The acts of V also do not break the chain of causation where V’s refusal of medical treatment
due to religious beliefs caused them to die by the harm D did to them when they may not
have done otherwise (Blaue). This may have been because V’s ‘act’ here was actually an
omission, because of defending religious freedom, or because of the ‘thin skull rule’ (that D
takes their victim as they find them). As well as religious belief (under Blaue) this includes
physical, psychological, and emotional conditions.

A natural event will not break the chain of causation unless it is extraordinary.



Liability

A person, A, will be liable for the acts of another person, B, either vicariously, in certain
circumstances, or where B is an innocent agent. B may be an innocent agent for reason of
being below the age of liability (10), insanity, or by being an accomplice who did not act freely,
while informed, or voluntarily (Michael).

Omissions

D is liable for a crime where D fails to act if:

1) D is under a duty to act.
2) D breaches that duty by not acting reasonably in relation to it.

, 3) Said breach causes V to be harmed.

Duties here arise:

1) Under statute.
2) Where D works in law enforcement.
3) Contractually (Pittwood).
4) Where D voluntarily assumes responsibility either explicitly or implicitly by ‘settled
mutual interdependence’ for the welfare of V where D:
a) knows V has a life-threatening condition, or
b) D and V have a parental or spousal relationship.
5) Where D controls and is present on the property when V is harmed there (in some
cases).
6) Where D omits to halt a ‘continuing act’ that is doing harm to V (Fagan).
7) Where D creates the dangerous situation that causes V harm (Miller; Evans; Bowler).
8) In novel cases, if the judge sees fit.



Cases
Acts and Omissions

Miller [1983] (Duty to Counteract Danger)
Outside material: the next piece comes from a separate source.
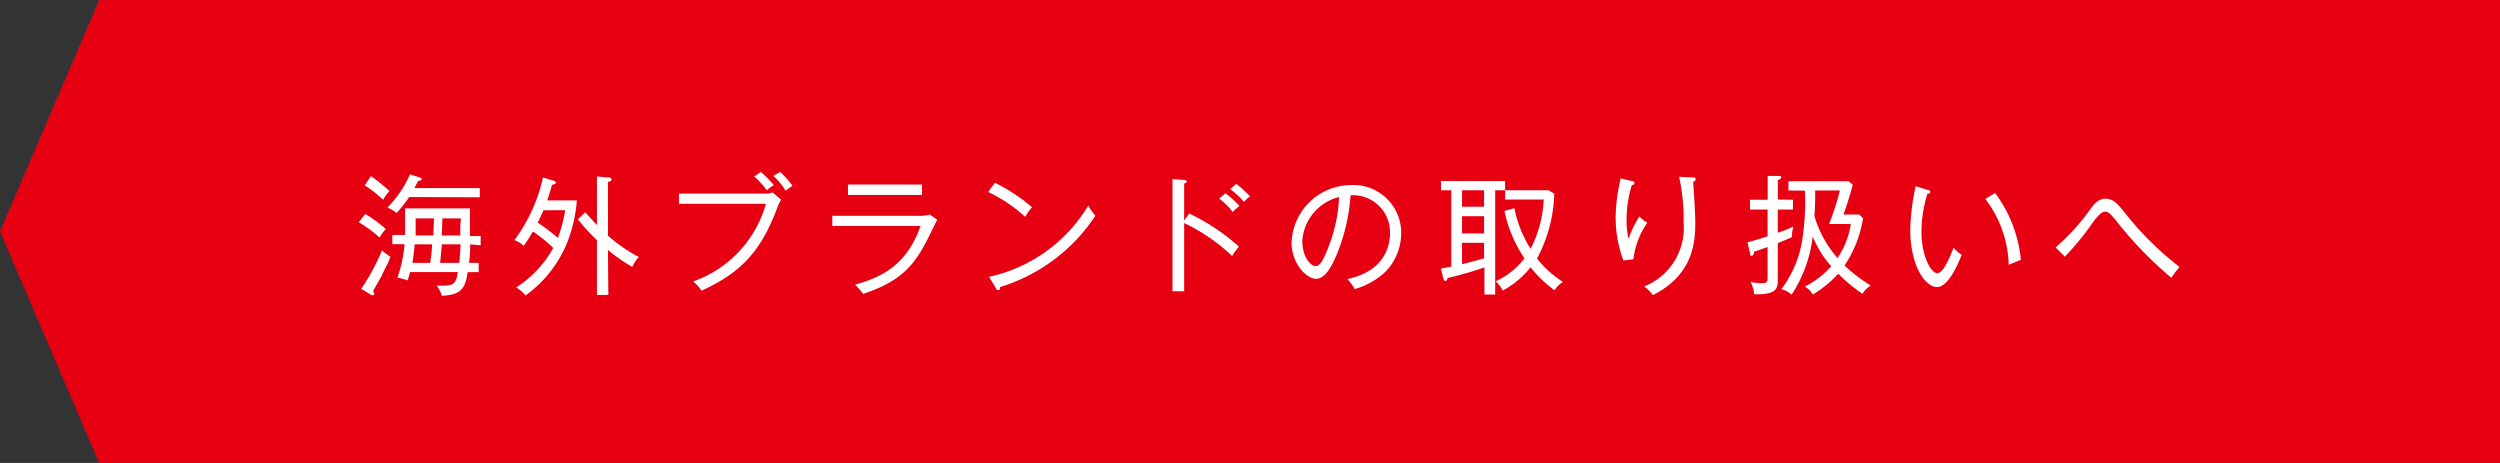 <svg id="レイヤー_1" data-name="レイヤー 1" xmlns="http://www.w3.org/2000/svg" viewBox="0 0 270 50"><rect x="0" y="0" width="270" height="50" fill="#333333" stroke="none"/><defs><style>.cls-1{fill:#e60012;}.cls-2{fill:#fff;}</style></defs><title>company_cont_ftr_link_l_pc</title><polygon class="cls-1" points="10.71 0 0 25 10.71 50 270 50 270 0 10.71 0"/><path class="cls-2" d="M41,25.66A14.47,14.47,0,0,0,38.75,24l.7-.9a15.69,15.69,0,0,1,2.22,1.64A4,4,0,0,0,41,25.66Zm.29,4c-.15.29-.87,1.52-1,1.79a.65.65,0,0,1,.13.27.19.19,0,0,1-.16.18.5.5,0,0,1-.25-.1l-1-.6a24,24,0,0,0,2.25-4.16,4.68,4.68,0,0,0,.9.67C42,28.27,41.73,28.73,41.25,29.67Zm.1-8.06a12.32,12.32,0,0,0-2-1.58l.67-1a19.37,19.37,0,0,1,2,1.61A6.68,6.68,0,0,0,41.35,21.61Zm2.8-.32A14.88,14.88,0,0,1,42.84,23a5.06,5.06,0,0,0-1-.59,11.44,11.44,0,0,0,2.43-3.58l1,.31c.08,0,.27.09.27.21s-.22.16-.38.19l-.41.77h7.07v1Zm6.59,5.11c0,.62,0,.86-.12,2H51.7v1H50.51c-.24,1.74-.73,2.48-2.79,2.55a3.44,3.44,0,0,0-.56-1.09h.65c1.18,0,1.45-.22,1.64-1.47H44.28a5.68,5.68,0,0,1-.27.91A4.07,4.07,0,0,0,42.92,30a14.32,14.32,0,0,0,.77-3.63H42.37v-1h1.38c0-.58,0-1.1,0-2v-.86h7V24c0,.23,0,1.18,0,1.49h1.16v1Zm-6,0c0,.19-.08,1-.24,2h1.92a17.91,17.91,0,0,0,.21-2Zm.11-2.8v.45c0,.2,0,1.16,0,1.39h1.9c.06-1.12.07-1.25.07-1.84Zm2.83,2.8c-.08,1-.14,1.53-.19,2h2.08c.09-1.14.12-1.6.13-2Zm2.06-2.8H47.78c0,.34-.06,1.53-.07,1.84h2c0-.33,0-.65,0-1Z"/><path class="cls-2" d="M59.76,19.51c.1,0,.27.1.27.21s-.14.21-.42.24c-.14.56-.34,1.2-.51,1.68h3.2a15.33,15.33,0,0,1-.7,3.59,13,13,0,0,1-4.85,6.68,3.46,3.46,0,0,0-1-.86,12,12,0,0,0,4-4.27A15.28,15.28,0,0,0,57.55,25a14.6,14.6,0,0,1-1,1.56,2.45,2.45,0,0,0-1-.62,17.65,17.65,0,0,0,3.09-6.77Zm-1.06,3.2c-.2.42-.41.91-.63,1.33a19.69,19.69,0,0,1,2.18,1.66,15.32,15.32,0,0,0,.79-3Zm7,9.14H64.47V25.94a22.74,22.74,0,0,1-2.06-2.25l.8-.77c.73.81.8.91,1.26,1.38V19.06l1.27.11c.09,0,.3,0,.3.2s-.14.21-.38.28v5.8A16.6,16.6,0,0,0,69,27.76a3.5,3.5,0,0,0-.71,1.07A18,18,0,0,1,65.66,27Z"/><path class="cls-2" d="M82.45,20.91a2.56,2.56,0,0,0,1-.12l.9.78a5.28,5.28,0,0,0-.39.83c-1.8,4.83-4,7.07-8.2,9a3.94,3.94,0,0,0-.91-1,12.44,12.44,0,0,0,7.87-8.39H73.33V20.91Zm-.27-2.34A10.86,10.86,0,0,1,83.57,20a4,4,0,0,0-.75.55,9.82,9.82,0,0,0-1.36-1.49Zm2.07,0a10.64,10.64,0,0,1,1.35,1.5,4.42,4.42,0,0,0-.75.54A6.67,6.67,0,0,0,83.52,19Z"/><path class="cls-2" d="M99.25,23.31a4.12,4.12,0,0,0,1.17-.14l.8.57c-.18.31-.84,1.71-1,2-1.5,3-3,4.67-7,6a12.13,12.13,0,0,0-.87-1c3.4-.92,5.71-2.52,7.07-6.33H89.89V23.31Zm.33-3.38v1.12h-8V19.93Z"/><path class="cls-2" d="M110.72,23.42a16,16,0,0,0-4-2.68l.73-1a18.76,18.76,0,0,1,4,2.64A7.1,7.1,0,0,0,110.72,23.42ZM108,31c0,.24,0,.33-.2.33s-.18-.1-.22-.17l-.76-1.26a16.65,16.65,0,0,0,10.71-7.69,7.44,7.44,0,0,0,.77,1.09A18.93,18.93,0,0,1,108,31Z"/><path class="cls-2" d="M133.07,27.65a20,20,0,0,0-5.18-3.56v7.37h-1.26V19.34l1.27.1c.18,0,.27.06.27.17s-.19.2-.28.21v4l.54-.76a22.36,22.36,0,0,1,5.38,3.58A6.54,6.54,0,0,0,133.07,27.65Zm.07-4.75a7.82,7.82,0,0,0-1.47-1.46l.68-.56a12,12,0,0,1,1.52,1.35A6.11,6.11,0,0,0,133.14,22.9Zm1.22-1.09a9.72,9.72,0,0,0-1.5-1.39l.66-.56A10.91,10.91,0,0,1,135,21.21,2.76,2.76,0,0,0,134.36,21.81Z"/><path class="cls-2" d="M149.66,29.32a8.07,8.07,0,0,1-3.35,1.9,5.24,5.24,0,0,0-.8-1.08c4.18-.88,4.61-3.79,4.61-4.93a4,4,0,0,0-4.26-4.12,20.23,20.23,0,0,1-1.52,6.46c-.77,1.82-1.45,2.56-2.22,2.56-1,0-2.63-1.62-2.63-3.92a6.45,6.45,0,0,1,6.36-6.2,5.16,5.16,0,0,1,5.48,5.19A6,6,0,0,1,149.66,29.32Zm-9-3.2c0,1.52.82,2.62,1.43,2.62s1.1-1.33,1.44-2.21a16.47,16.47,0,0,0,1.09-5.25A5.25,5.25,0,0,0,140.64,26.12Z"/><path class="cls-2" d="M167.89,31.35a13,13,0,0,1-2.59-2.48,9.69,9.69,0,0,1-3,2.51,3.7,3.7,0,0,0-.77-1,8.11,8.11,0,0,0,3.11-2.48,14.49,14.49,0,0,1-2.16-5.12l1.08-.29a12.48,12.48,0,0,0,1.75,4.38,12.92,12.92,0,0,0,1.41-5.32h-4.16v-1h-1.08V31.81h-1.16V28.88a38.76,38.76,0,0,1-4,1.15c0,.17-.07.31-.21.31s-.21-.17-.24-.29L155.62,29c.71-.12.91-.16,1.12-.21V20.55h-1.11v-1h6.92v1h4.68l.63.37a15.74,15.74,0,0,1-1.86,7,11.26,11.26,0,0,0,2.8,2.53A2.85,2.85,0,0,0,167.89,31.35Zm-7.61-10.8H157.9v1.78h2.38Zm0,2.8H157.9v1.86h2.38Zm0,2.87H157.9v2.31c.43-.1,1.26-.31,2.38-.63Z"/><path class="cls-2" d="M176.41,28l-1.08.13a13.31,13.31,0,0,1-.84-4.68,18.12,18.12,0,0,1,.43-3.64c.06-.31.08-.37.1-.55l1.15.28c.2,0,.35.09.35.24s-.11.17-.29.22a13.09,13.09,0,0,0-.56,3.72,8.65,8.65,0,0,0,.21,2.07,11.84,11.84,0,0,1,1.17-2.41,3.66,3.66,0,0,0,.86.67A8.67,8.67,0,0,0,176.41,28Zm6.46-8.43c0,.41.14,2.2.15,2.56s.07,1.18.07,1.94c0,2.22-.29,5.64-4.58,7.8a4.37,4.37,0,0,0-.94-.93,6.81,6.81,0,0,0,4.26-6.9,21,21,0,0,0-.49-4.95l1.43.07c.17,0,.36,0,.36.18S183,19.6,182.87,19.61Z"/><path class="cls-2" d="M193.64,21.57v1.06H192v2.51a16.18,16.18,0,0,0,1.68-.67,4.66,4.66,0,0,0-.16,1.15c-.4.18-.65.28-1.52.64v4c0,.91-.16,1.59-2.55,1.52a3.39,3.39,0,0,0-.39-1.33,5.65,5.65,0,0,0,1.25.13c.59,0,.59-.17.59-.8V26.68c-.93.33-1,.37-1.46.49,0,.26-.1.45-.27.45s-.15-.14-.16-.22l-.28-1.23c.92-.24,2-.59,2.17-.65V22.63H189V21.57h1.91V19l1.15,0c.18,0,.3,0,.3.15s-.11.2-.35.3v2.1Zm-.49-1v-1h6.49l.45.38c-.31,1.29-.87,2.87-1,3.22h1.7l.42.41a12.79,12.79,0,0,1-2,5.1,16.55,16.55,0,0,0,2.83,2.15,2.86,2.86,0,0,0-.9.9,18.64,18.64,0,0,1-2.62-2.17,11.17,11.17,0,0,1-2.74,2.24,2.34,2.34,0,0,0-.86-.85,9.31,9.31,0,0,0,2.85-2.2,11.21,11.21,0,0,1-2-3.21,14.44,14.44,0,0,1-2.28,6.29,2.52,2.52,0,0,0-1.1-.6,12,12,0,0,0,2.22-5.09,28.1,28.1,0,0,0,.33-5.55Zm2.89,0c0,1.28,0,1.42-.08,2.78a12.18,12.18,0,0,0,2.49,4.52,9,9,0,0,0,1.44-3.68h-2.35a27.85,27.85,0,0,0,1.17-3.62Z"/><path class="cls-2" d="M209.2,31c-1.29,0-2.89-2.33-2.89-6.17a24.38,24.38,0,0,1,.58-4.72l1.28.4c.19,0,.3.08.3.22s-.2.2-.31.2a13.74,13.74,0,0,0-.64,4.18c0,2.46,1,4.39,1.7,4.39s1.38-1.78,1.77-2.76a3.45,3.45,0,0,0,.87.78C211.55,28.31,210.47,31,209.2,31Zm7.74-2.4a12.26,12.26,0,0,0-2.52-7.11l1.05-.65a14.31,14.31,0,0,1,2.78,7.22Z"/><path class="cls-2" d="M234.5,30a41.51,41.51,0,0,1-6-6.22c-.63-.75-.82-.92-1.14-.92s-.68.29-1.28,1.09A29.2,29.2,0,0,1,223,27.72l-1-1a22.93,22.93,0,0,0,3.9-4.33c.59-.76,1.06-.93,1.48-.93.88,0,1.33.56,2.2,1.64a33.54,33.54,0,0,0,5.81,5.73C235,29.3,234.92,29.39,234.5,30Z"/></svg>

D went to sleep holding a cigarette and woke to the mattress burning. He did nothing to put out the
fire and moved to another room. He was charged with criminal damage and arson on the basis that he
omitted to tackle the fire or contact the authorities.

Holding (per Lord Diplock): “I see no rational ground for excluding from … criminal liability, … failing to
take measures that lie within one’s power to counteract a danger that one has oneself created, if at
the time of such conduct one’s state of mind is such as constitutes a necessary ingredient of the
offence.”

Stone and Dobinson [1977] (Duty of Care)

D1 and D2 took V (D1’s sister) in as a lodger, during which time V became unable to care for herself
due to her mental health issues. D2 made efforts to care for her, but ultimately these were inadequate
and V passed away. D1 and D2 were charged with gross negligence manslaughter.

Holding: the jury could find a duty of care because of D1’s familial tie to V and D2’s attempts at care.
Lane LJ suggested that gross negligence here arose where Ds were either (i) indifferent to the risk of
injury, or (ii) foresaw the risk and ran it nevertheless.

Gibbins and Proctor [1919] (Murder by Omission)

D1 was living with – and co-parenting – D2’s daughter, V. The two were negligent and cruel parents
and V resultantly died of starvation. They were both in employment and earning a decent amount of
money, and a duty of care was clearly made out for both. They were tried together for murder.

Holding: The two were under a duty of care to provide the child with food and care, and their omission
in this regard had directly led to the child’s death.